- TASK GOAL
Reproduce each line of the following material exactly, omitting the images.

-=-=-

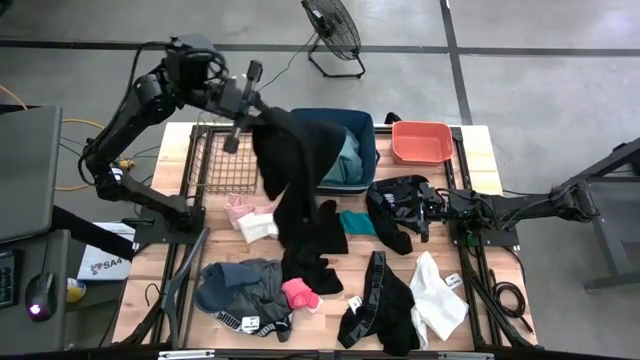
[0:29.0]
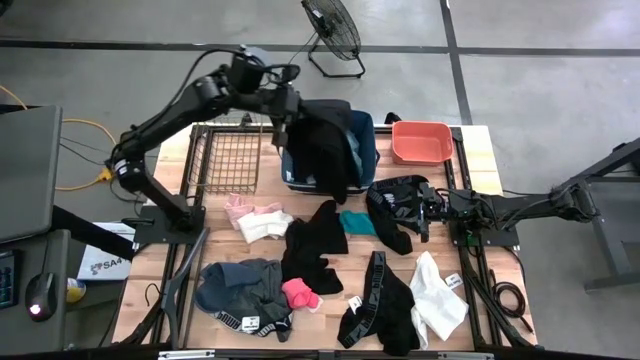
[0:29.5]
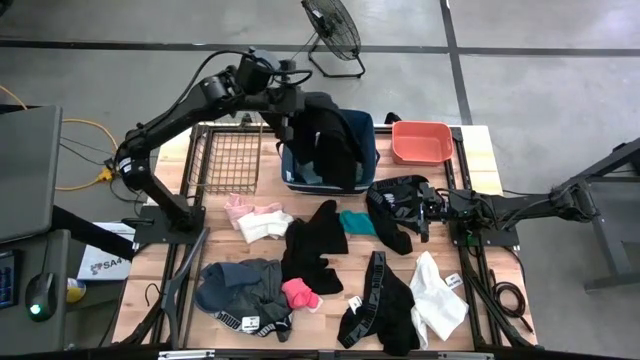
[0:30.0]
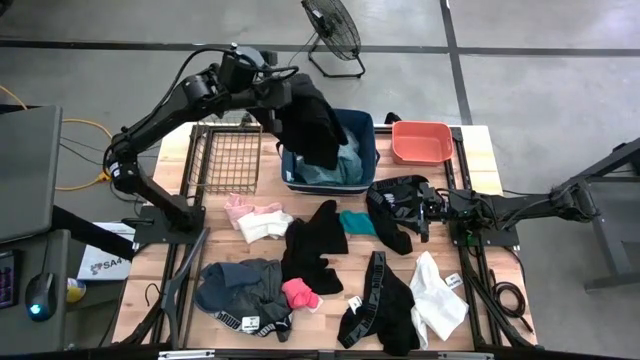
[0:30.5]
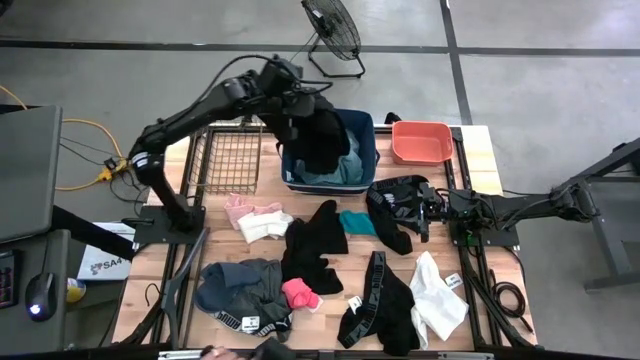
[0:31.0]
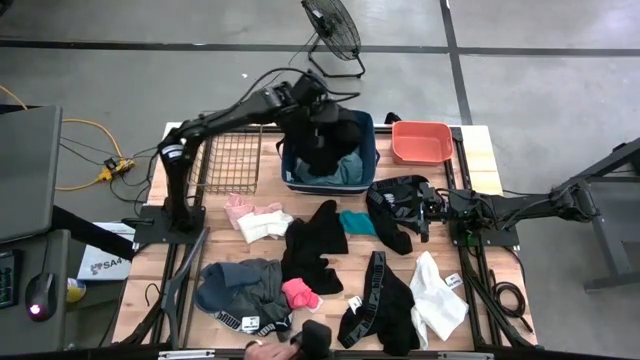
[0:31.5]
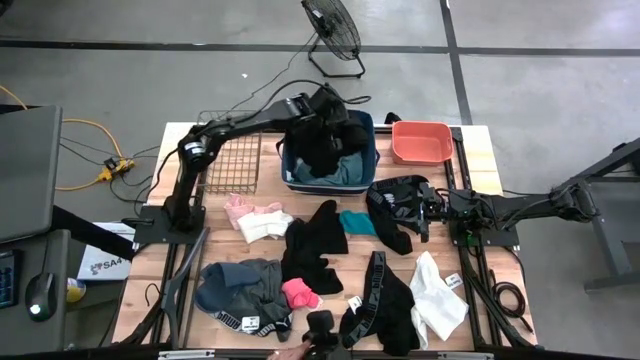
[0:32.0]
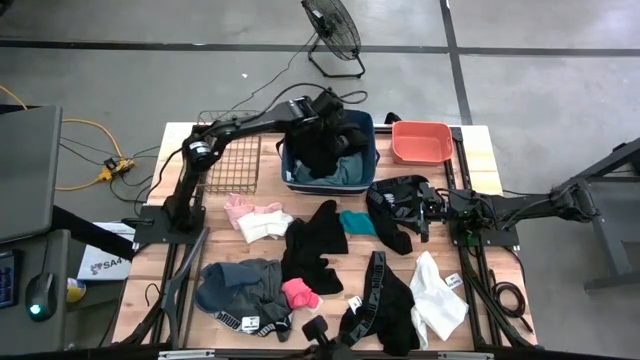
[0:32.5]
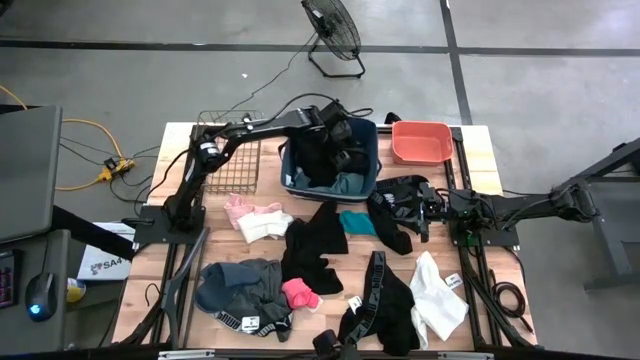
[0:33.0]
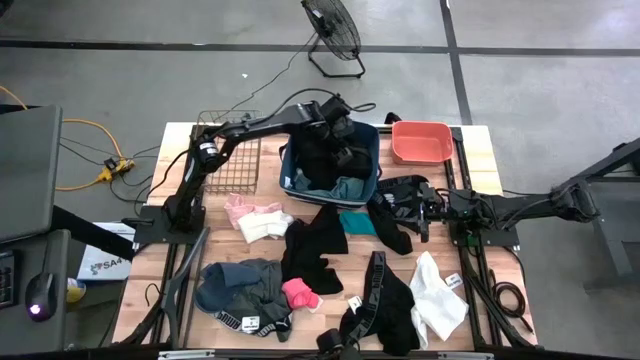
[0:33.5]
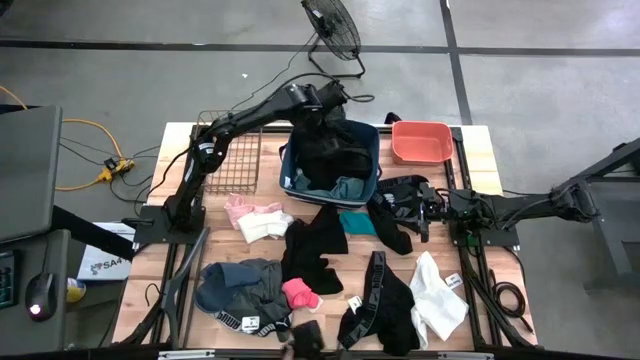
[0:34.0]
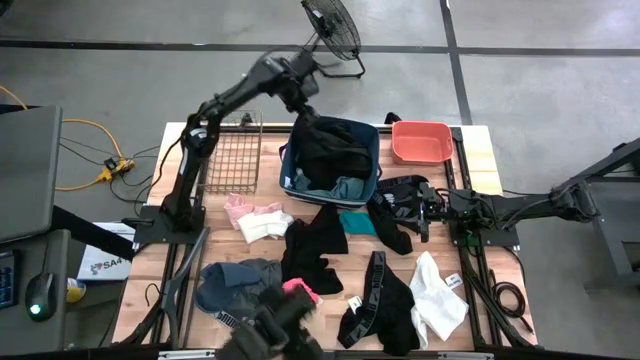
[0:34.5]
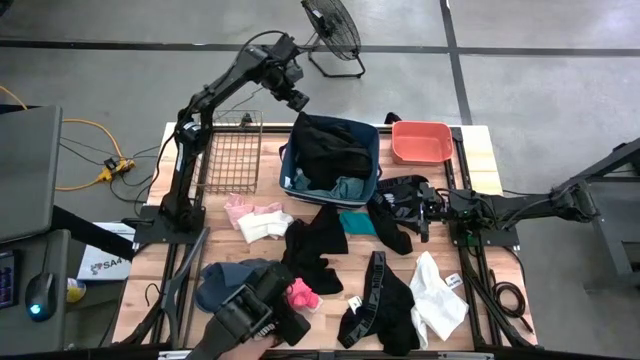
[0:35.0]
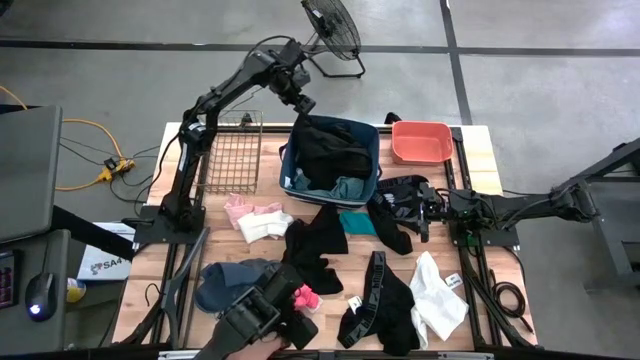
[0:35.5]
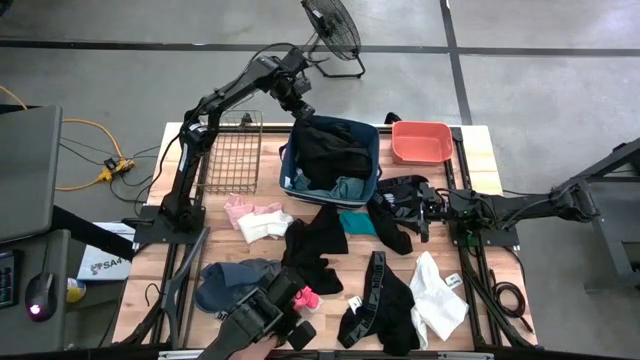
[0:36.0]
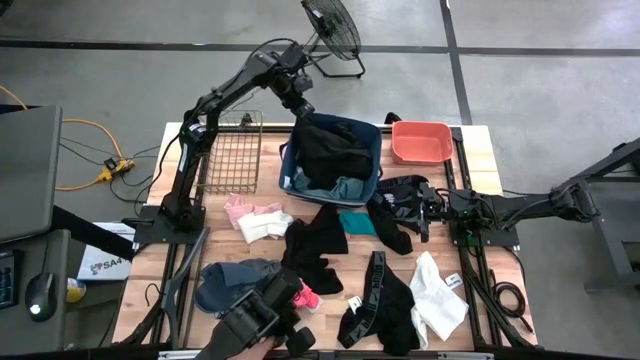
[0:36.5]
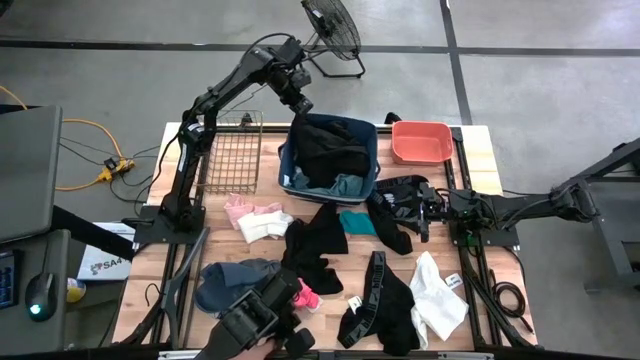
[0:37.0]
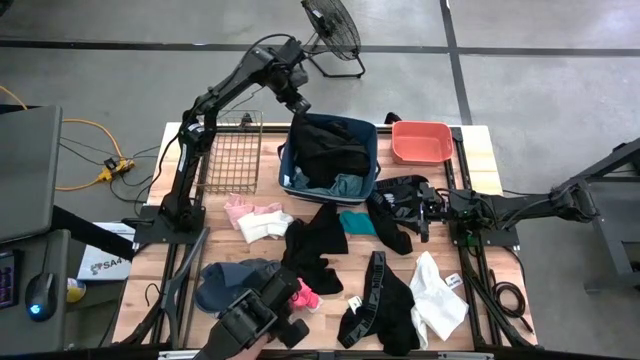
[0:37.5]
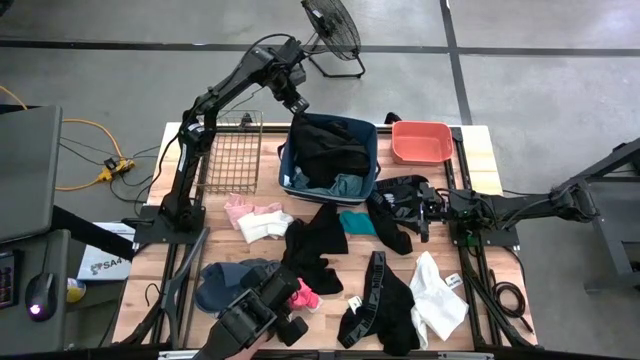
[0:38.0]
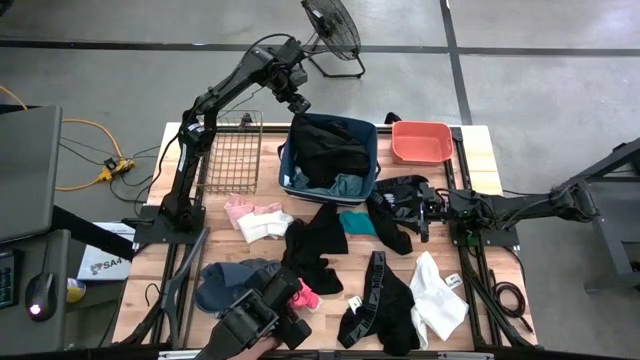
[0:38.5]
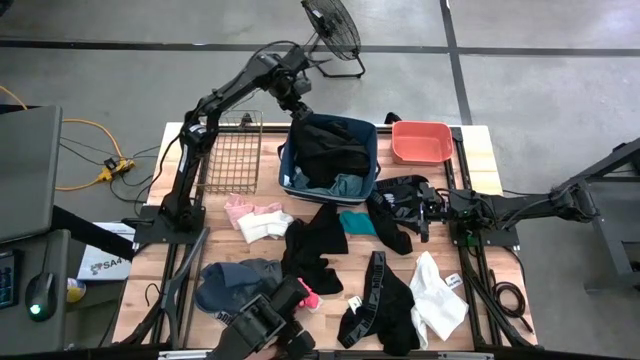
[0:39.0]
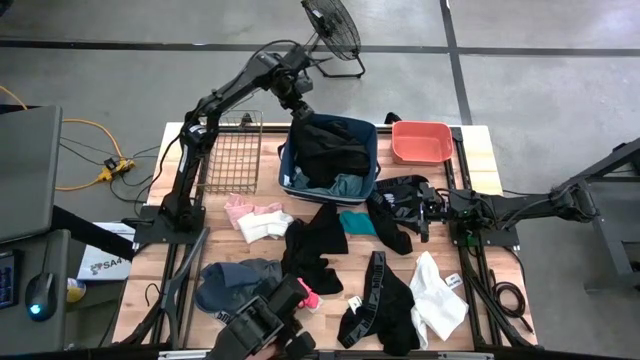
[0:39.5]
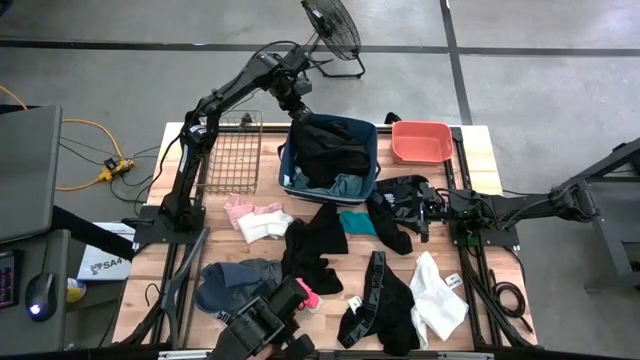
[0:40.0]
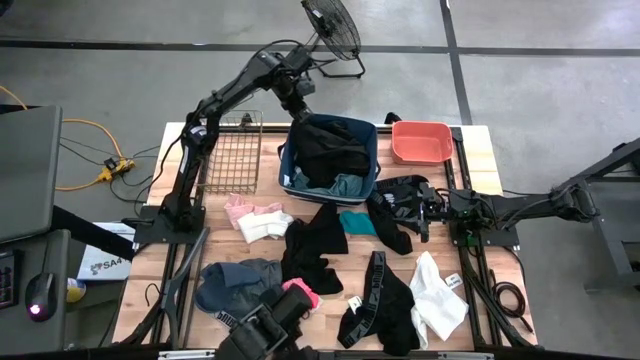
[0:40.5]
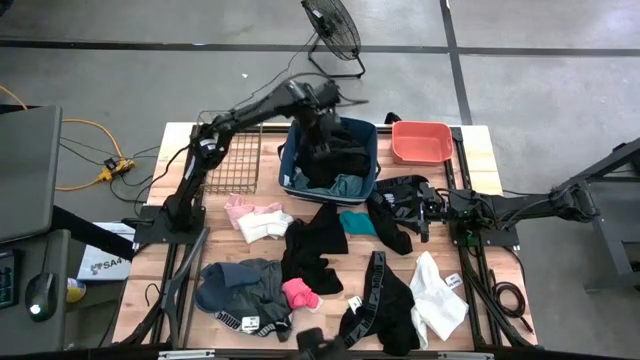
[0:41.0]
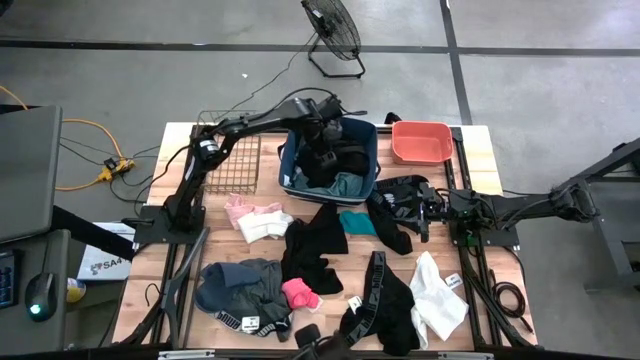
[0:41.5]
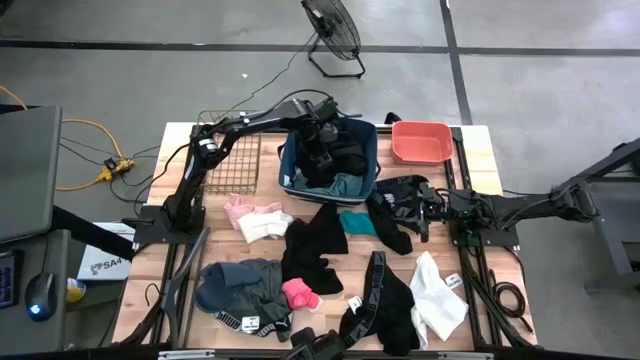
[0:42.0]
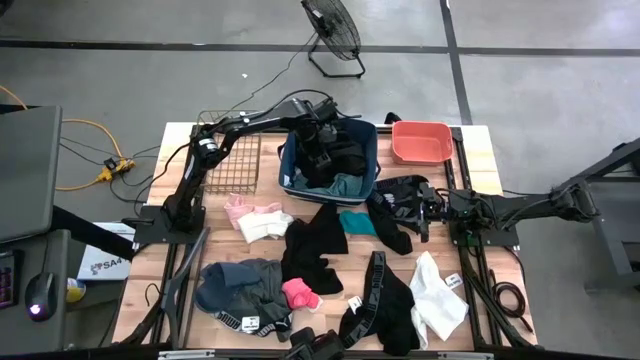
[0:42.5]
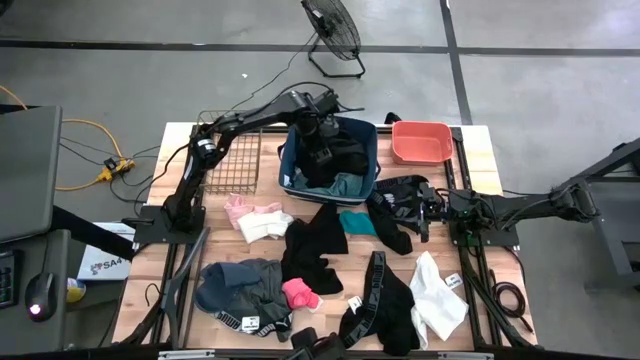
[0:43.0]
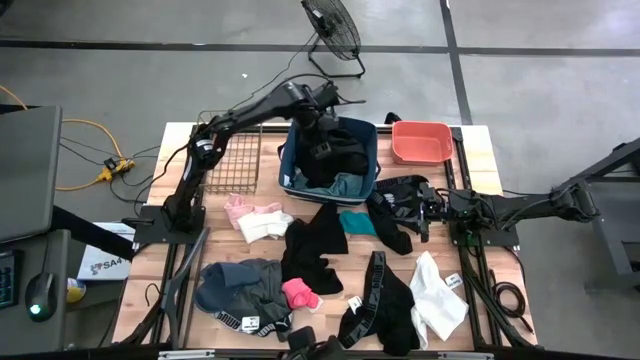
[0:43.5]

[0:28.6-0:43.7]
Task: Pick & Place Cloths
Put black shirt into the blue laundry organizer

-=-=-

- EXERCISE OUTPUT
[0:29.0]
[0:29.5]
[0:30.0]
[0:30.5]
[0:31.0]
[0:31.5]
[0:32.0]
[0:32.5]
[0:33.0]
[0:33.5]
[0:34.0]
[0:34.5]
[0:35.0]
[0:35.5]
[0:36.0]
[0:36.5]
[0:37.0]
[0:37.5]
[0:38.0]
[0:38.5]
[0:39.0]
[0:39.5]
[0:40.0]
[0:40.5]
[0:41.0]
[0:41.5]
[0:42.0]
[0:42.5]
[0:43.0]
[0:43.5]

[0:28.6-0:43.7]
Task: Pick & Place Cloths
Put black shirt into the blue laundry organizer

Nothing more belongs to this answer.